→ **Exercise details**
Below is a listing; repeat exactly the lines from the one containing "Sex: female" to the one containing "Echo time: 0.00226 s", both included.

→ **Provided information**
- - - -
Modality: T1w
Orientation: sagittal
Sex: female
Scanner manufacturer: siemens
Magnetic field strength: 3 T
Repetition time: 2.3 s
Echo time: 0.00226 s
- - - -
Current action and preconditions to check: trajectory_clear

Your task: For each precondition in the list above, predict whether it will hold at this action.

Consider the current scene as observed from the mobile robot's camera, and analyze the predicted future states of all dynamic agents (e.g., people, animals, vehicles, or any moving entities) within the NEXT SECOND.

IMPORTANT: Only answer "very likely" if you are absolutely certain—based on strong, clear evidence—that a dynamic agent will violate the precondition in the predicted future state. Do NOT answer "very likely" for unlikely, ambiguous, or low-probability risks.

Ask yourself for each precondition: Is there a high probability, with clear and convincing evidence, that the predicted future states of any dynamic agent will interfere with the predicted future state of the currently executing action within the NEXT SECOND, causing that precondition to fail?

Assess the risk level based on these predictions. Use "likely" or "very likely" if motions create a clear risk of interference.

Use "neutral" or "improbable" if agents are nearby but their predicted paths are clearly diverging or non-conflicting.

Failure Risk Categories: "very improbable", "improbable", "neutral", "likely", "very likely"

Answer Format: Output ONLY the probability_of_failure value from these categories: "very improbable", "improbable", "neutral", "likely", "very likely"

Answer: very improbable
- - - -
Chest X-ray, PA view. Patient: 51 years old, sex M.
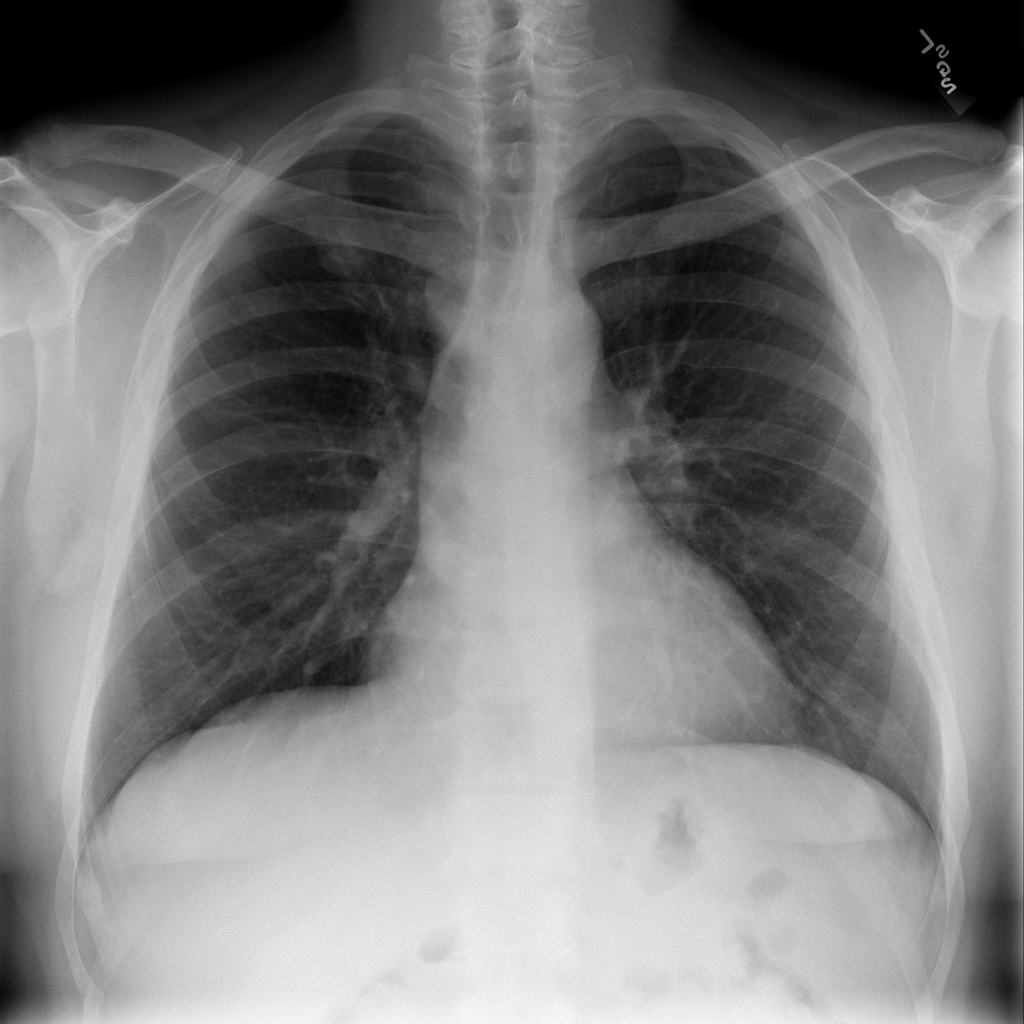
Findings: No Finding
- - - -
→ **Result of this exercise**
Sex: female
Scanner manufacturer: siemens
Magnetic field strength: 3 T
Repetition time: 2.3 s
Echo time: 0.00226 s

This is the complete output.